First things first, I am not an expert on education. I am not a parent at any of the South Bank schools in York considering becoming academies.
My children are now grown up but I feel like a stakeholder in this process. I am a grandparent of a two-year-old. I am a York resident.
So the decision to convert to a multi-academy trust does not affect just the parents and children at the schools. It affects York as a city.
It affects in particular the communities in and surrounding South Bank. What do those communities look like?
Is the proposed academisation of those schools part of a process in which South Bank further morphs into a gentrified and even homogenised white, middle-class well-heeled community in which its children are not exposed to difference? (Anyone present at the recent meeting on York’s Housing Crisis would know that is not hyberbole).
If so, is that really a rounded education?
Testing from the age of four
So before addressing the specific issue of academies, we surely need to ask ourselves what the purpose of education is in the 21st century?
Of course, there is no categorical answer but Sir Ken Robinson, in an extraordinary TED talk, challenges the current focus on the social investment model of educating children to be ‘good workers’ and suggests a reformulation of the education system to cultivate children’s creativity.
Instead we test our children as early as four as can be seen from a message home to parents from one of South Bank’s primaries.

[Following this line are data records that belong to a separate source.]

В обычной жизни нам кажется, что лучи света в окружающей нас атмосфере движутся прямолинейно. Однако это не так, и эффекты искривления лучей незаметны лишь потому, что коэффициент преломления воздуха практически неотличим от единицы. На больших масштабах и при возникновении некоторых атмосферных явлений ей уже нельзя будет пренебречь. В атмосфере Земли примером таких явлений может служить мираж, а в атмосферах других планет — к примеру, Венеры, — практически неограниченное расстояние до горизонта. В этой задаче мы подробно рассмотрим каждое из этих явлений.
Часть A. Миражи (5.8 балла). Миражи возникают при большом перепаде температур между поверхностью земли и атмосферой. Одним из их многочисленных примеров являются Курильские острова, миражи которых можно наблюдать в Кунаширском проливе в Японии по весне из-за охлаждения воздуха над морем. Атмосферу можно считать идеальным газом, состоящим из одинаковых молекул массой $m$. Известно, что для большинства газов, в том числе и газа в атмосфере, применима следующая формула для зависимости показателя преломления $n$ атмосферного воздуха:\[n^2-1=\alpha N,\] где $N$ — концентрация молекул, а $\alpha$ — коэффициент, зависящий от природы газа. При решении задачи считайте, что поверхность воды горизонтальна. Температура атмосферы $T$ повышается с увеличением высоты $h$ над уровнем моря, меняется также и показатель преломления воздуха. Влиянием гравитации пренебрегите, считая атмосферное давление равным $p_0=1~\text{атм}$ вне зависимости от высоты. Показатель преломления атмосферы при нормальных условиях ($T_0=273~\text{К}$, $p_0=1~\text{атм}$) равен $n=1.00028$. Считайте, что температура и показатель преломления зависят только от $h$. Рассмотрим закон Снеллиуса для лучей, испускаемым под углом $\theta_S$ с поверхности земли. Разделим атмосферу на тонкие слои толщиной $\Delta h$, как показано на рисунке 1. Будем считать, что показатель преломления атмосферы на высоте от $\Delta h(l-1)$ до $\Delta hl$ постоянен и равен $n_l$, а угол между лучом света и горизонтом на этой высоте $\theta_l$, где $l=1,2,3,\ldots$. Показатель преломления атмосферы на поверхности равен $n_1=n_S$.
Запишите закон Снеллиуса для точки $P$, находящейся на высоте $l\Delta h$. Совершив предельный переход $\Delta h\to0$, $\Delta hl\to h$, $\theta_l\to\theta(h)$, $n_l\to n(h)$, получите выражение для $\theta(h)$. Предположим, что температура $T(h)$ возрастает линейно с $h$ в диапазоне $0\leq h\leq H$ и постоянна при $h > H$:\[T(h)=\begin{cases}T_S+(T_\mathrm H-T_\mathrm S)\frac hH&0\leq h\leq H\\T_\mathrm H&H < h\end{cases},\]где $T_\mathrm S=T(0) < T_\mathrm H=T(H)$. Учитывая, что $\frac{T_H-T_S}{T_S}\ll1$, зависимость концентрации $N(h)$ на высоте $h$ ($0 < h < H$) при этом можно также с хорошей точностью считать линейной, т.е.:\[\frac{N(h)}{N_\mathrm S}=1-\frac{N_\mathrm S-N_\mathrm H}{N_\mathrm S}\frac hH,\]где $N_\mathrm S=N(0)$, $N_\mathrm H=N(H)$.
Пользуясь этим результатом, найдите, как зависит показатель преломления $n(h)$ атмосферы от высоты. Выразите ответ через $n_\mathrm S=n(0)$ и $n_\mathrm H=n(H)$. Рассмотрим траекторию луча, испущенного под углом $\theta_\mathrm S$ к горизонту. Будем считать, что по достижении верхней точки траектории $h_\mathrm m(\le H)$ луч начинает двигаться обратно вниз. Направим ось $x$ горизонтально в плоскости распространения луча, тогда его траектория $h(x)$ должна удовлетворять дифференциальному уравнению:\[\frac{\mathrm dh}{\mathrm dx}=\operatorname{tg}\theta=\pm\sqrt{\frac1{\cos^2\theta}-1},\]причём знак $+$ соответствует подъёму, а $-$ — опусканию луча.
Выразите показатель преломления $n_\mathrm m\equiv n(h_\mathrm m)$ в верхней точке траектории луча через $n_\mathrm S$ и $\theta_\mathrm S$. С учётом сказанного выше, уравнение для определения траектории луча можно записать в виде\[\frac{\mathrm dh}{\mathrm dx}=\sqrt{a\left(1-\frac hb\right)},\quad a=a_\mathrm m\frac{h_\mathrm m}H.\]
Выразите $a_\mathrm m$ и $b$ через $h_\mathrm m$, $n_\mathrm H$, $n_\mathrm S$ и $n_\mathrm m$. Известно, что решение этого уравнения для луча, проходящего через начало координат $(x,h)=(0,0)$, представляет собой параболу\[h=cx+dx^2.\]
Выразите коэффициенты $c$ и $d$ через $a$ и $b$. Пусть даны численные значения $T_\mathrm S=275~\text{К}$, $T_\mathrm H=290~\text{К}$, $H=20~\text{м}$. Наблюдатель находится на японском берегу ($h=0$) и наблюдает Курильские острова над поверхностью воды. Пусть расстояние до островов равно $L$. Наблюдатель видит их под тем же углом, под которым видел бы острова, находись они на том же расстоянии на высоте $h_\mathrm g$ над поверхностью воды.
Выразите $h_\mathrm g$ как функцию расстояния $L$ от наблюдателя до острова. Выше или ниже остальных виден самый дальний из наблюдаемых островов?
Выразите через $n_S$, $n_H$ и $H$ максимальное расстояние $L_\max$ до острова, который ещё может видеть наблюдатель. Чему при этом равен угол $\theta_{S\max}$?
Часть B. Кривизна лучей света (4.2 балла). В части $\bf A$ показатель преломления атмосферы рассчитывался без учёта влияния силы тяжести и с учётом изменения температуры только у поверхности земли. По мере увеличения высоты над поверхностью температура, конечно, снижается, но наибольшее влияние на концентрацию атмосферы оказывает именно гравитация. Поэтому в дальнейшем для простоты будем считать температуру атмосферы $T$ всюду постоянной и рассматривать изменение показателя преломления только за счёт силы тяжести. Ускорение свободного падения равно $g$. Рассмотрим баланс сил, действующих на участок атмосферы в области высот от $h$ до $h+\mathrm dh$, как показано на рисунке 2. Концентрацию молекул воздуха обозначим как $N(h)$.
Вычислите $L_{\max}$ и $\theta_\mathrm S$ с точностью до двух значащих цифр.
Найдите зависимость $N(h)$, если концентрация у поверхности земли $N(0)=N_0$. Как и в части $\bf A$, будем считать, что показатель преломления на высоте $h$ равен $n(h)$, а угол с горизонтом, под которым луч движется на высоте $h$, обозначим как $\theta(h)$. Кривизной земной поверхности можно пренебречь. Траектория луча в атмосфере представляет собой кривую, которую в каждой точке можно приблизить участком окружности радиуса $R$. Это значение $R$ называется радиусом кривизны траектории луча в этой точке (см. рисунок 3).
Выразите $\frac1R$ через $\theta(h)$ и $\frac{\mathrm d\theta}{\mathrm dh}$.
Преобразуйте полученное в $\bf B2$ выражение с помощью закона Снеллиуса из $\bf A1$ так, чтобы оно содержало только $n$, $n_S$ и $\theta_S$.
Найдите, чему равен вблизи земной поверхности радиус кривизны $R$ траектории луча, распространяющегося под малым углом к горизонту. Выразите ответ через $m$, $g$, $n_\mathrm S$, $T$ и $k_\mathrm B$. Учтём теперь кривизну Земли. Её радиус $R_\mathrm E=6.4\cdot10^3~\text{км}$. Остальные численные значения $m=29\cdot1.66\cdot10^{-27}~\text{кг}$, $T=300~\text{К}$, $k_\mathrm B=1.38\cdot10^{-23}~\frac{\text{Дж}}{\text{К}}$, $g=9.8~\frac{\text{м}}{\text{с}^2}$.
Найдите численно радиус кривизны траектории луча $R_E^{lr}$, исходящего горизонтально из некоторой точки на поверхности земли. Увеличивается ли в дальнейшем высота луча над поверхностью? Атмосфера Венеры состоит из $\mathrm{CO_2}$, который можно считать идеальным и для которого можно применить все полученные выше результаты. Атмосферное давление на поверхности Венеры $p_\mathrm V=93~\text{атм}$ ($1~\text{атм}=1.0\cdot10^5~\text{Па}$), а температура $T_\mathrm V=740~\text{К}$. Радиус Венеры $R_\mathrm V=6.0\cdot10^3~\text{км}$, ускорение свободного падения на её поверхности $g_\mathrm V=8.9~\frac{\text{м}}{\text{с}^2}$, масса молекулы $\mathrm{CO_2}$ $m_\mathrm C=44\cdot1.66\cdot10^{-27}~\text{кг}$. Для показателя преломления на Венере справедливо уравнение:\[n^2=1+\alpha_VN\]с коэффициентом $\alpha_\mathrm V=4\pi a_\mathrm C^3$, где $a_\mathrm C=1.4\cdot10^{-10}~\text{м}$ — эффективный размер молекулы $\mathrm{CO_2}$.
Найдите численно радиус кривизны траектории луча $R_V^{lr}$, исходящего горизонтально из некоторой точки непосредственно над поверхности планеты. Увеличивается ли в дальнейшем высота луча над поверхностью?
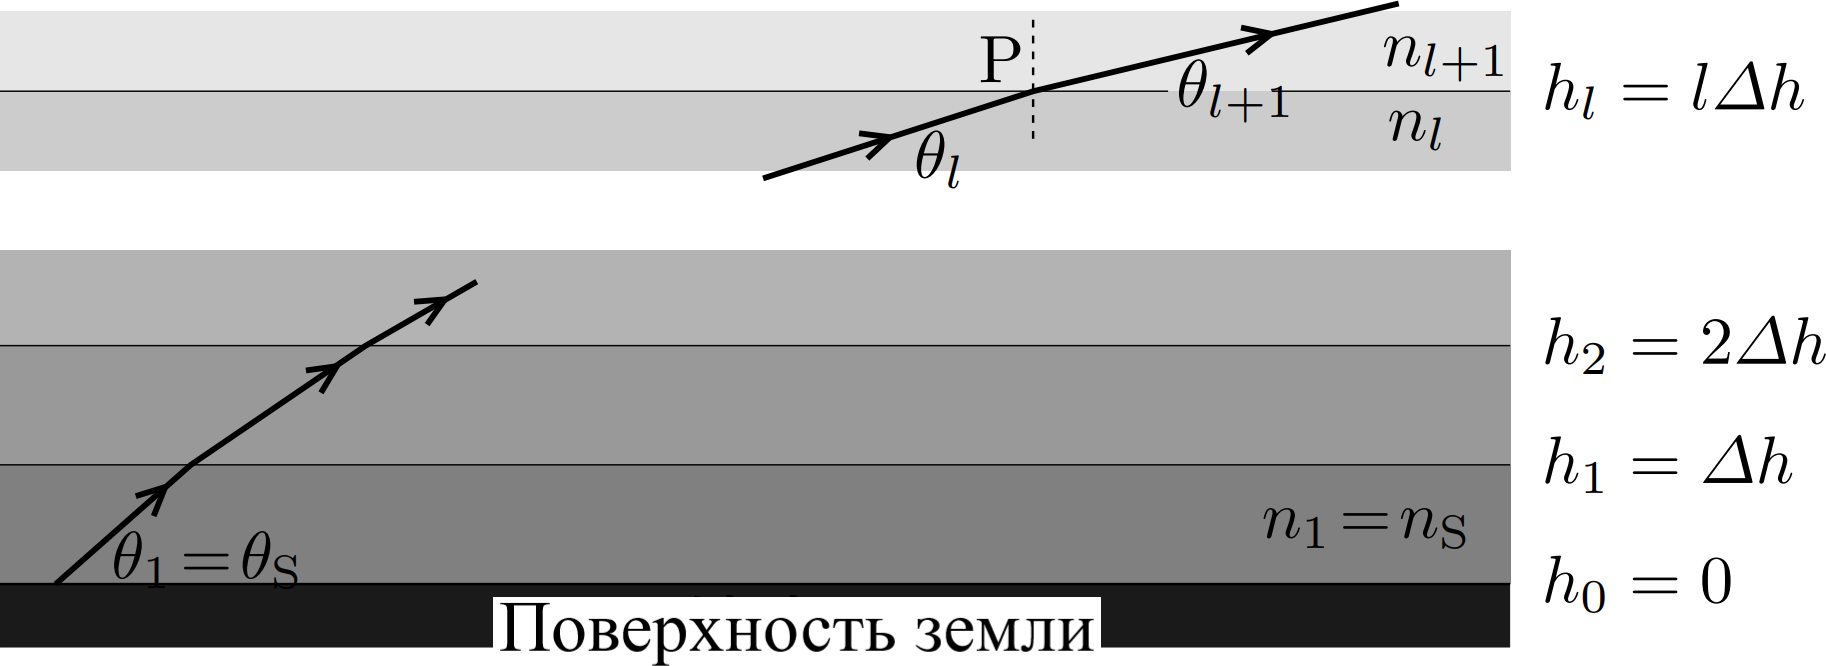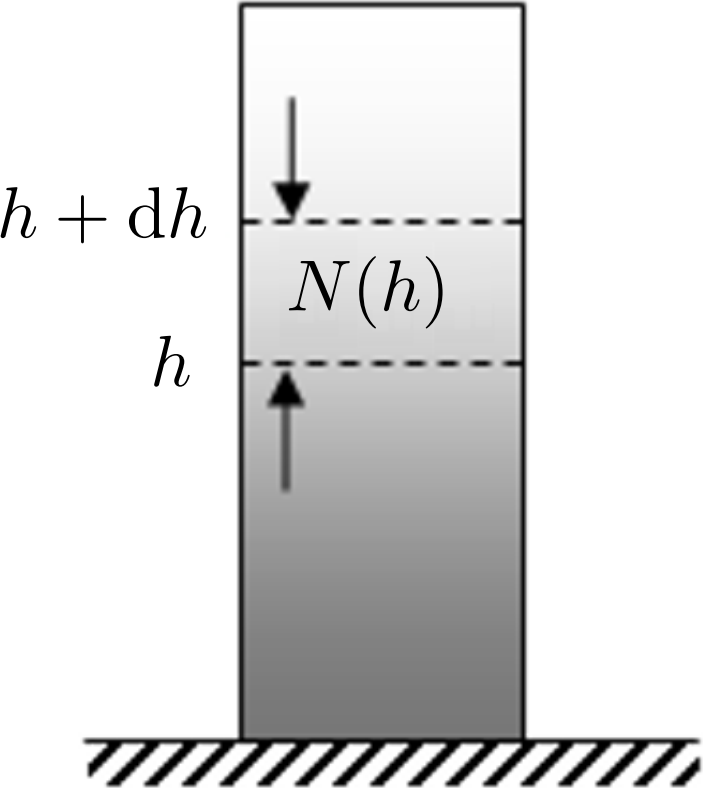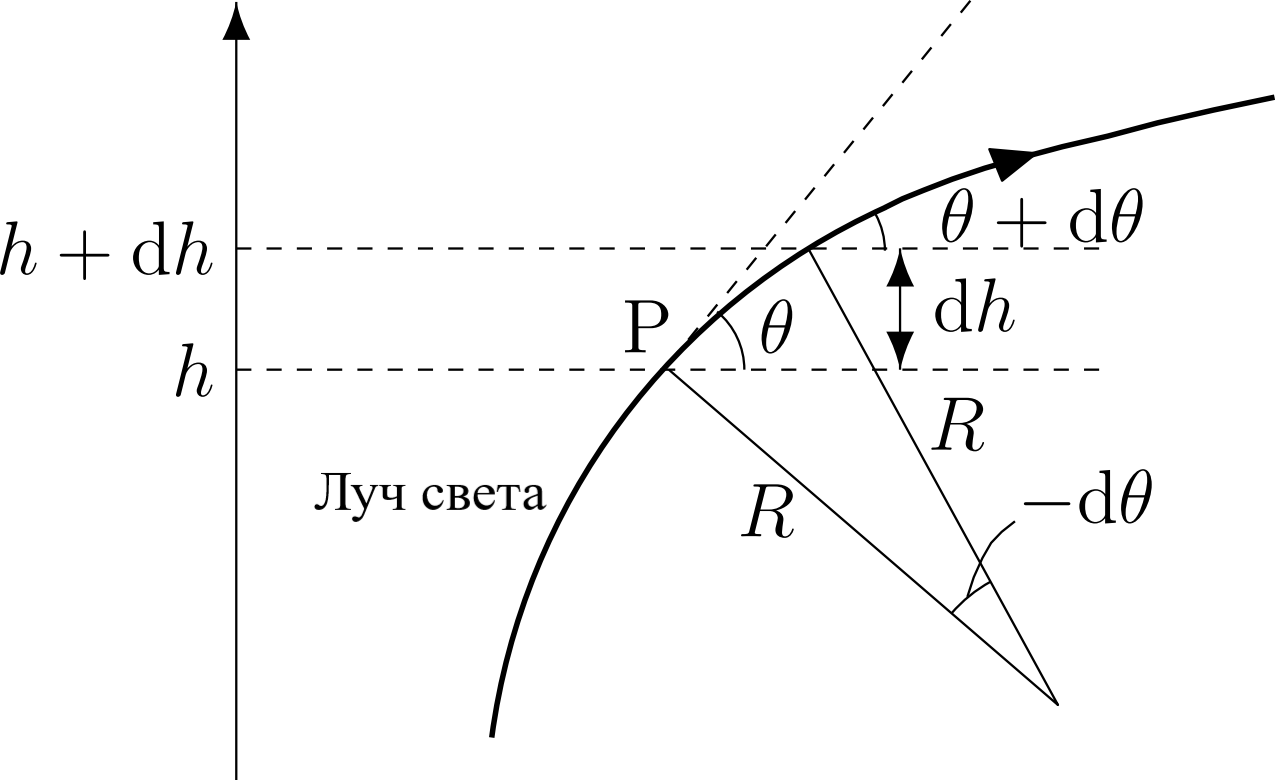
Запишите закон Снеллиуса для точки $P$, находящейся на высоте $l\Delta h$. Совершив предельный переход $\Delta h\to0$, $\Delta hl\to h$, $\theta_l\to\theta(h)$, $n_l\to n(h)$, получите выражение для $\theta(h)$.
Решение: Закон Снеллиуса для точки $P$:\[n_l\cos\theta_l=n_{l+1}\cos\theta_{l+1}.\]Переходя к пределу, получаем закон Снеллиуса для непрерывной среды:\[n(h)\cos\theta(h)=n_S\cos\theta_S,\]откуда окончательно получаем:\[\theta(h)=\arccos\left(\frac{n_S\cos\theta_S}{n(h)}\right).\]
Ответ: \[n_l\cos\theta_l=n_{l+1}\cos\theta_{l+1}\] \[\theta(h)=\arccos\left(\frac{n_S\cos\theta_S}{n(h)}\right)\]

Пользуясь этим результатом, найдите, как зависит показатель преломления $n(h)$ атмосферы от высоты. Выразите ответ через $n_\mathrm S=n(0)$ и $n_\mathrm H=n(H)$.
Решение: Выразим концентрации воздуха на высотах $h=0$ и $h=H$:\[N_S=\frac1\alpha\Big[n_S^2-1\Big],\quad N_H=\frac1\alpha\Big[n_H^2-1\Big].\]Подставив их в закон зависимости показателя преломления, имеем:\[n(h)=\sqrt{n_S^2-\left(n_S^2-n_H^2\right)\frac hH}.\]
Ответ: \[n(h)=\sqrt{n_S^2-\left(n_S^2-n_H^2\right)\frac hH}\]

Выразите показатель преломления $n_\mathrm m\equiv n(h_\mathrm m)$ в верхней точке траектории луча через $n_\mathrm S$ и $\theta_\mathrm S$.
Решение: Пишем закон Снеллиуса, учитывая, что в вершине траектории $\theta=0$:\[n_S\cos\theta_S=n_\mathrm m\cos0=n_\mathrm m.\]Отсюда и из результатов предыдущего пункта имеем:\[h_\mathrm m=\frac{n_S^2\sin^2\theta_S}{n_S^2-n_H^2}H.\]
Ответ: \[n_\mathrm m=n_S\cos\theta_S\] \[h_\mathrm m=\frac{n_S^2\sin^2\theta_S}{n_S^2-n_H^2}H\]

Выразите $a_\mathrm m$ и $b$ через $h_\mathrm m$, $n_\mathrm H$, $n_\mathrm S$ и $n_\mathrm m$.
Решение: Подставляем непосредственно:\[\frac{\mathrm dh}{\mathrm dx}=\sqrt{\frac1{\cos^2\theta}-1}=\sqrt{\frac{n^2}{n_\mathrm m^2}-1}=\sqrt{\left(\frac{n_S^2}{n_\mathrm m^2}-1\right)\left(1-\frac{n_S^2-n_H^2}{n_S^2-n_\mathrm m^2}\frac hH\right)}=\\=\sqrt{\frac{n_S^2-n_H^2}{n_\mathrm m^2}\frac{h_\mathrm m}H\left(1-\frac{h}{h_\mathrm m}\right)}\implies a_\mathrm m=\frac{n_S^2-n_H^2}{n_\mathrm m^2},\quad b=h_\mathrm m.\]
Ответ: \[a_\mathrm m=\frac{n_S^2-n_H^2}{n_\mathrm m^2}\] \[b=h_\mathrm m\]

Выразите коэффициенты $c$ и $d$ через $a$ и $b$.
Решение: Подставляем непосредственно:\[\frac{\mathrm d}{\mathrm dx}\Big[cx+dx^2\Big]=c+2dx=\sqrt{a\left(1-\frac{cx+dx^2}b\right)}\implies\\\implies c^2=a,\quad4cd=-\frac{ac}b\implies c=\sqrt a,\quad d=-\frac a{4b}.\]
Ответ: \[c=\sqrt a\] \[d=-\frac a{4b}\]

Выразите $h_\mathrm g$ как функцию расстояния $L$ от наблюдателя до острова. Выше или ниже остальных виден самый дальний из наблюдаемых островов?
Решение: Несложно заметить, что:\[L=-\frac cd=\frac{4b}{\sqrt a}=4\sqrt{h_\mathrm m\left(\frac{n_S^2}{n_S^2-n_H^2}-h_\mathrm m\right)}\implies\\\implies h_\mathrm m^2-\frac{n_S^2}{n_S^2-n_H^2}h_\mathrm m+\frac{L^2}{16}=0\implies\\\implies h_\mathrm m=\frac H2\left[\frac{n_S^2}{n_S^2-n_H^2}\pm\sqrt{\left(\frac{n_S^2}{n_S^2-n_H^2}\right)^2-\frac{L^2}{4H^2}}\right].\]Так как $L\to0\ (h_\mathrm m\to0)$, то следует выбрать корень со знаком "$-$". Из геометрических свойств параболической траектории\[h_\mathrm g=4h_\mathrm m,\]поэтому\[h_\mathrm g=2H\left[\frac{n_S^2}{n_S^2-n_H^2}-\sqrt{\left(\frac{n_S^2}{n_S^2-n_H^2}\right)^2-\frac{L^2}{4H^2}}\right].\]Из этой формулы ясно, что самый дальний из островов будет виден выше остальных.
Ответ: Самый дальний остров виден выше остальных. \[h_\mathrm g=2H\left[\frac{n_S^2}{n_S^2-n_H^2}-\sqrt{\left(\frac{n_S^2}{n_S^2-n_H^2}\right)^2-\frac{L^2}{4H^2}}\right]\]

Выразите через $n_S$, $n_H$ и $H$ максимальное расстояние $L_\max$ до острова, который ещё может видеть наблюдатель. Чему при этом равен угол $\theta_{S\max}$?
Решение: Ясно, что максимальному расстоянию соответствует случай $h_\mathrm m=H$, откуда, подставляя в одно из выражений предыдущего пункта,\[L_\max=\frac{4Hn_H}{\sqrt{n_S^2-n_H^2}}.\]Из закона Снеллиуса:\[\theta_{S\max}=\arccos\frac{n_H}{n_S}.\]
Ответ: \[L_\max=\frac{4Hn_H}{\sqrt{n_S^2-n_H^2}}\] \[\theta_{S\max}=\arccos\frac{n_H}{n_S}\]

Вычислите $L_{\max}$ и $\theta_\mathrm S$ с точностью до двух значащих цифр.
Решение: Найдём для нормальных условий:\[\cfrac{p_0\alpha}{k_\mathrm B}=\cfrac{n_0^2-1}{T_0}\implies\\\implies n_S^2=1+\big(n_0^2-1\big)\frac{T_0}{T_S},\quad n_H^2=1+\big(n_0^2-1\big)\frac{T_0}{T_H}\implies\\\implies L_\max=14.4\ км,\quad\theta_S=0.31^\circ.\]
Ответ: \[L_\max=14.4\ км\] \[\theta_S=0.45^\circ\]

Найдите зависимость $N(h)$, если концентрация у поверхности земли $N(0)=N_0$.
Решение: Рассматривая баланс сил, действующих на участок атмосферы на высоте от $h$ до $h+\mathrm dh$, получим:\[\cfrac{\mathrm dp}{\mathrm dh}=-\rho g.\]Поскольку воздух можно считать идеальным газом, то из уравнения Менделеева-Клапейрона:\[\rho=\frac{mp}{k_\mathrm BT},\]откуда\[\frac{\mathrm dp}{\mathrm dh}=-\cfrac{mg}{k_\mathrm BT}p\implies \cfrac{p(h)}{p(0)}=e^{-\frac{mgh}{k_\mathrm BT}}\implies N(h)=N_0e^{-\frac{mgh}{RT}}.\]
Ответ: \[N(h)=N_0e^{-\frac{mgh}{RT}}\]

Выразите $\frac1R$ через $\theta(h)$ и $\frac{\mathrm d\theta}{\mathrm dh}$.
Решение: Для элемента длины траектории луча $\mathrm dl$, с одной стороны,\[\mathrm dl=\frac{\mathrm dh}{\sin\theta},\]а с другой стороны,\[\mathrm dl=-R\ \mathrm d\theta,\]откуда\[\frac1R=-\sin\theta\frac{\mathrm d\theta}{\mathrm dh}.\]
Ответ: \[\frac1R=-\sin\theta\frac{\mathrm d\theta}{\mathrm dh}\]

Преобразуйте полученное в $\bf B2$ выражение с помощью закона Снеллиуса из $\bf A1$ так, чтобы оно содержало только $n$, $n_S$ и $\theta_S$.
Решение: Из закона Снеллиуса\[\cos\theta=\cfrac{n_S\cos\theta_S}n,\]тогда\[\frac1R=-\sin\theta\frac{\mathrm d\theta}{\mathrm dh}=\frac{\mathrm d\big(\cos\theta\big)}{\mathrm dh}=n_S\cos\theta_S\frac{\mathrm d}{\mathrm dh}\bigg[\frac1n\bigg]=-\frac{n_S\cos\theta_S}{n^2}\frac{\mathrm dn}{\mathrm dh}.\]
Ответ: \[\frac1R=-\frac{n_S\cos\theta_S}{n^2}\frac{\mathrm dn}{\mathrm dh}\]

Найдите, чему равен вблизи земной поверхности радиус кривизны $R$ траектории луча, распространяющегося под малым углом к горизонту. Выразите ответ через $m$, $g$, $n_\mathrm S$, $T$ и $k_\mathrm B$.
Решение: Находим непосредственно:\[\frac1R=-\frac1{n_E}\frac{\mathrm dn}{\mathrm dh}=-\frac{n_E^2-1}{2n_E^2}\frac{\mathrm d}{\mathrm dh}\bigg[e^{-\frac{mgh}{k_\mathrm BT}}\left.\bigg]\right|_{h=0}=\Big(1-n_E^{-2}\Big)\frac{mg}{2k_\mathrm BT}\implies\\\implies R=\frac{2k_\mathrm BT}{\Big(1-n_E^{-2}\Big)mg}.\]
Ответ: \[R=\frac{2k_\mathrm BT}{\Big(1-n_E^{-2}\Big)mg}\]

Найдите численно радиус кривизны траектории луча $R_E^{lr}$, исходящего горизонтально из некоторой точки на поверхности земли. Увеличивается ли в дальнейшем высота луча над поверхностью?
Решение: Подставляем численные значения:\[R_E^{lr}=\frac{2k_\mathrm BT}{\Big(1-n_E^{-2}\Big)mg}=31.4\cdot10^3\ км.\]Высота луча над поверхностью увеличивается, поскольку $R_E^{lr} > R_E$.
Ответ: Высота луча над поверхностью увеличивается. \[R_E^{lr}=31.4\cdot10^3\ км\]

Найдите численно радиус кривизны траектории луча $R_V^{lr}$, исходящего горизонтально из некоторой точки непосредственно над поверхности планеты. Увеличивается ли в дальнейшем высота луча над поверхностью?
Решение: Найдём сначала показатель преломления $n_V$ на поверхности Венеры:\[n_V=1+\frac{4\pi a_C^3p_V}{k_\mathrm BT_V}=1.0314,\]тогда по уже известной формуле\[R_V^{lr}=\frac{2k_\mathrm BT_V}{\Big(1-n_V^{-2}\Big)m_\mathrm Cg_V}=5.24\cdot10^2\ км.\]Высота луча над поверхностью уменьшается, поскольку $R_V^{lr} < R_V$.
Ответ: Высота луча над поверхностью уменьшается. \[R_V^{lr}=5.24\cdot10^2\ км\]
Темы:
T, Оптика, Геометрическая оптика, Преломление, Сборы XY, W, Градиентная оптика, Заимствование, 2023

The idea for my generation was study hard, work hard, and you will be rewarded with well paid jobs. Of course, the reality now is very different – the nature of flexible, insececure and poorly paid work creates precarious conditions for even the best qualified students.
Ironically, rather than re-evaluating what education is for, this seems to intensify the perceived importance of academic attainment.

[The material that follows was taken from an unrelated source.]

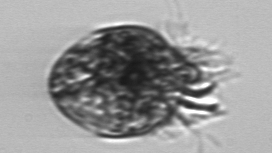
Label: Strombidium_morphotype1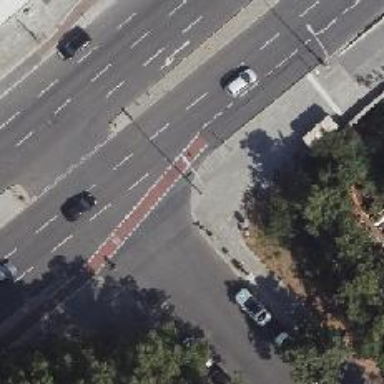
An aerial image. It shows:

Parents are geared to valorise academic achievement to the extent that private tutoring is endemic.
Schools are clearly under huge pressure to measure up well on OFSTED inspections meaning non-academic activity – whether sport, drama, vocational skills, indeed humanity – are accorded little importance.
It is this fear of failure (in a narrow academic attainment sense) – and the lack of value given to other qualities – that is used to push schools, parents and most importantly children into a marketised education system in which corporations extract profit (see the failed Swedish system).
Why the rush?
It is interesting to note that as recently as December 2012, the governors of Millthorpe chose to reject becoming an academy after creating an academy working group.
A glance through the minutes of Scarcroft, Knavesmire and Millthorpe suggests that academies were barely considered until the turn of the year. So, one may ask, why the volte-face? And, moreover why the rush?
Whilst speculative, this proposal appears mostly driven by the headteachers of the schools. If one looks back to Millthorpe in 2012, the process of the governors considering academisation took a year. It was considered, detailed and measured.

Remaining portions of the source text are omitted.